The Democratic Party doesn't believe this stuff, either (or they just don't care) -- otherwise they'd be bending over backwards between now and January to try and sabotage it. If they cared about mass deportations, Biden could issue pardons for immigration-related offenses. Congress could grant citizenship to large swaths of the immigrants population. But they're instead busy ensuring the smooth transition of power to people they spent the last decade calling fascists.
the heritage foundation has been learning how to do it in this country through trial and error like they've done it in all of the other countries; they've perfected the recipe as evidenced by the successful kill-the-gays laws in africa.
the administrations that were sympathetic to the heritage foundation's cause were restrained by their desire to appeal to moderates and trump, like reagan, has little-to-no such limitations.

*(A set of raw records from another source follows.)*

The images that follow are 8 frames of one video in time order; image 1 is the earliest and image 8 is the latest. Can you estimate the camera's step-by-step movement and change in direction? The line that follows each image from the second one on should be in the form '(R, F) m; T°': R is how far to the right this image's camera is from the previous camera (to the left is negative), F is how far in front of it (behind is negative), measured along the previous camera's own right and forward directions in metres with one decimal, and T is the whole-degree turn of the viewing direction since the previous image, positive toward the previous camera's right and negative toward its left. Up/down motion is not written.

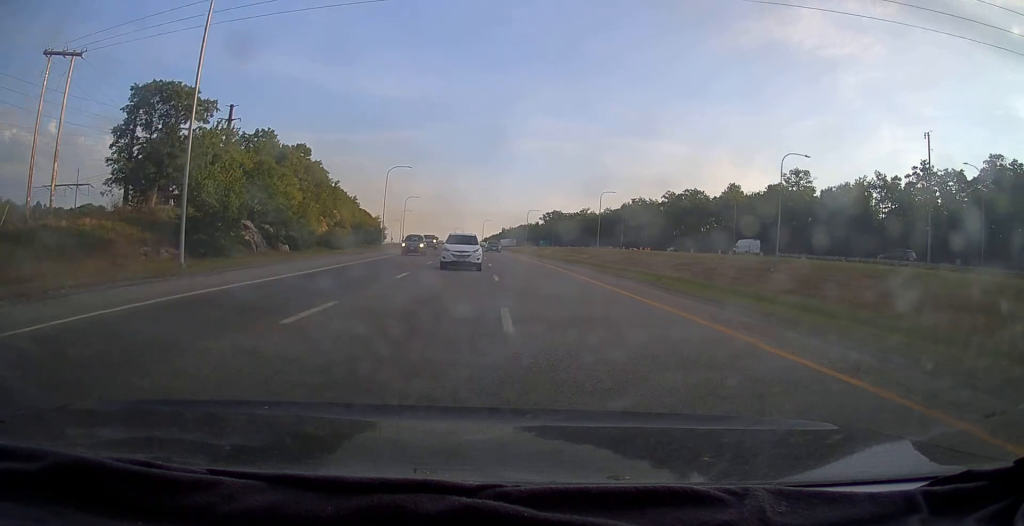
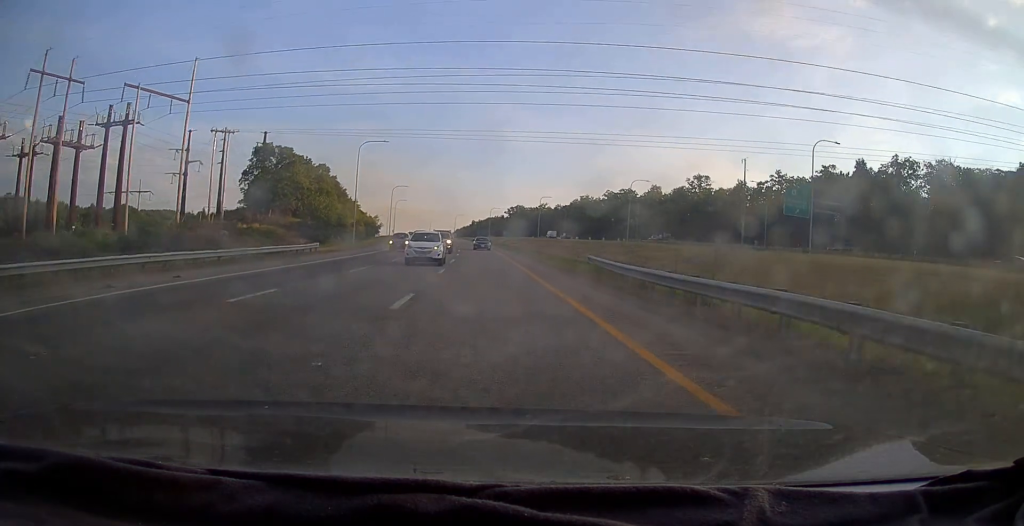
(+0.9, +51.7) m; +2°
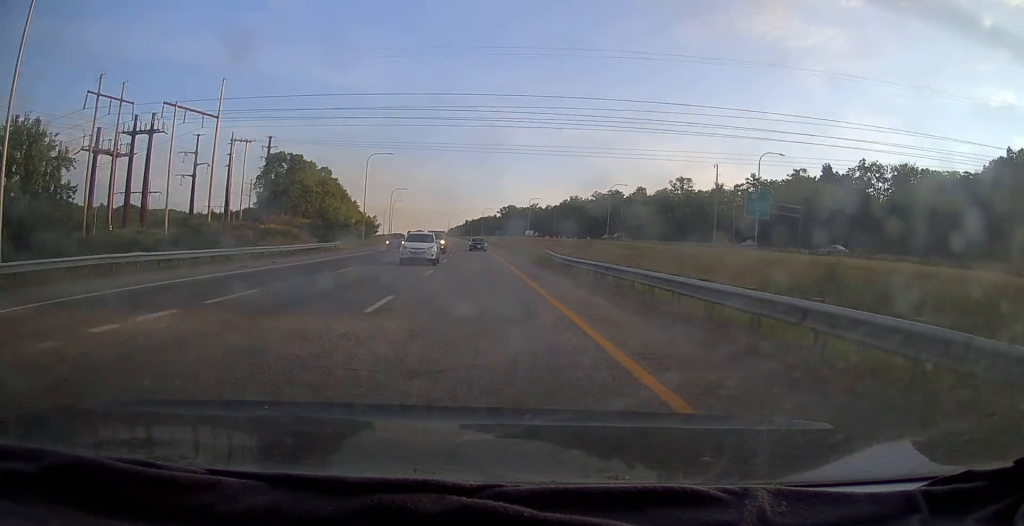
(+0.2, +11.7) m; +1°
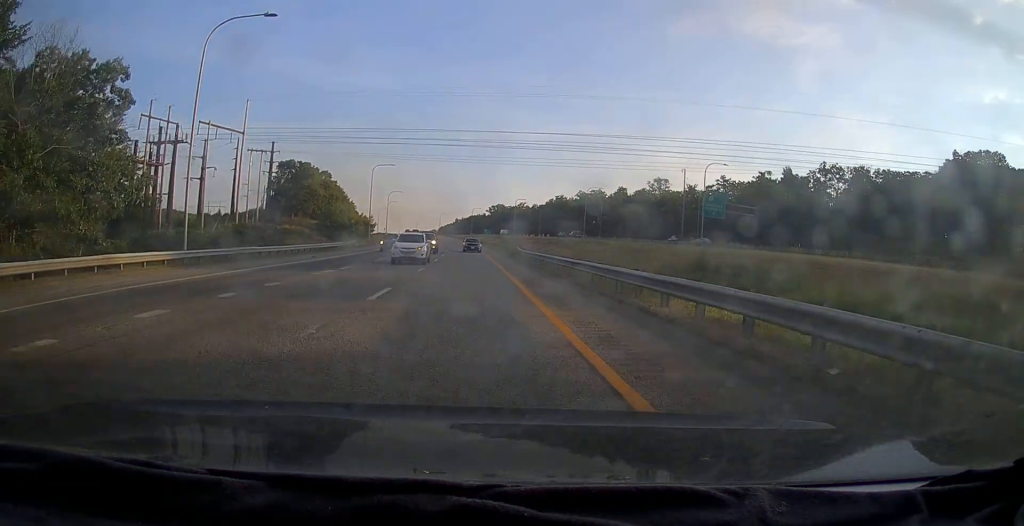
(+0.1, +14.8) m; +1°
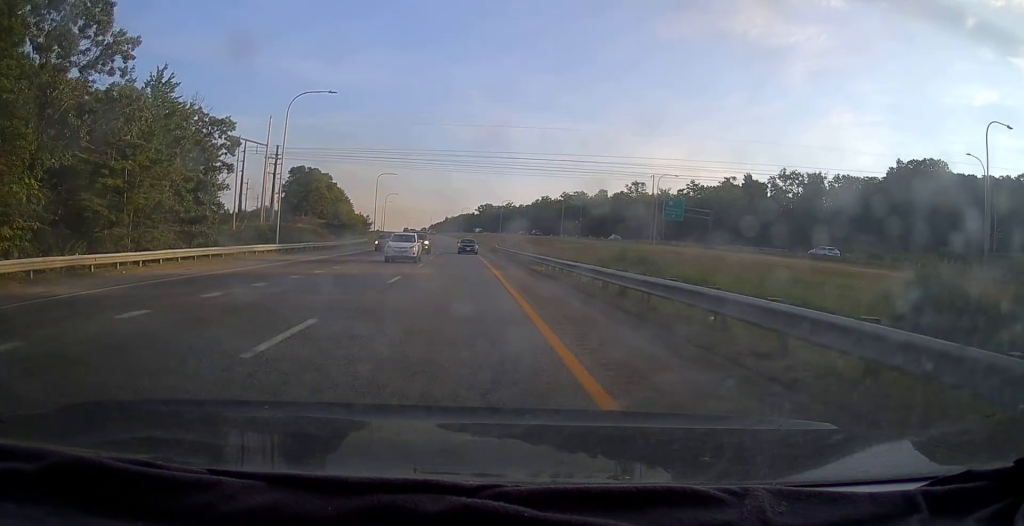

and the democrats are MUCH worse than that since they attempted to use project 2025 as a distraction from their complicity in the gazan genocide and won't bother enacting the equal rights amendment that would help protect us from project 2025; even though it's already passed all the legal hurdles 4 years ago and there's still time for the biden administration to enact it.
This time is quite different, actually. First, he learned his lesson about hiring institutionalists as his secretaries and advisors since they would push back against more questionable ideas, now he's surrounding himself with yes-men like RFK jr, Kristi Noem and the likes. There have also been precedents set like the infamous "official act immunity", and just many more lessons learned from 2016 in general.
There's also just much more co-ordination now in general with the whole Project 2025.
Trump has plenty of establishment picks lined up as well.
We had the same fearmongering in 2016. Trump will do some dumb stuff Reagan style but he will not end the world.
The Supreme Court gave the office of the president full immunity for discharging duties of the office.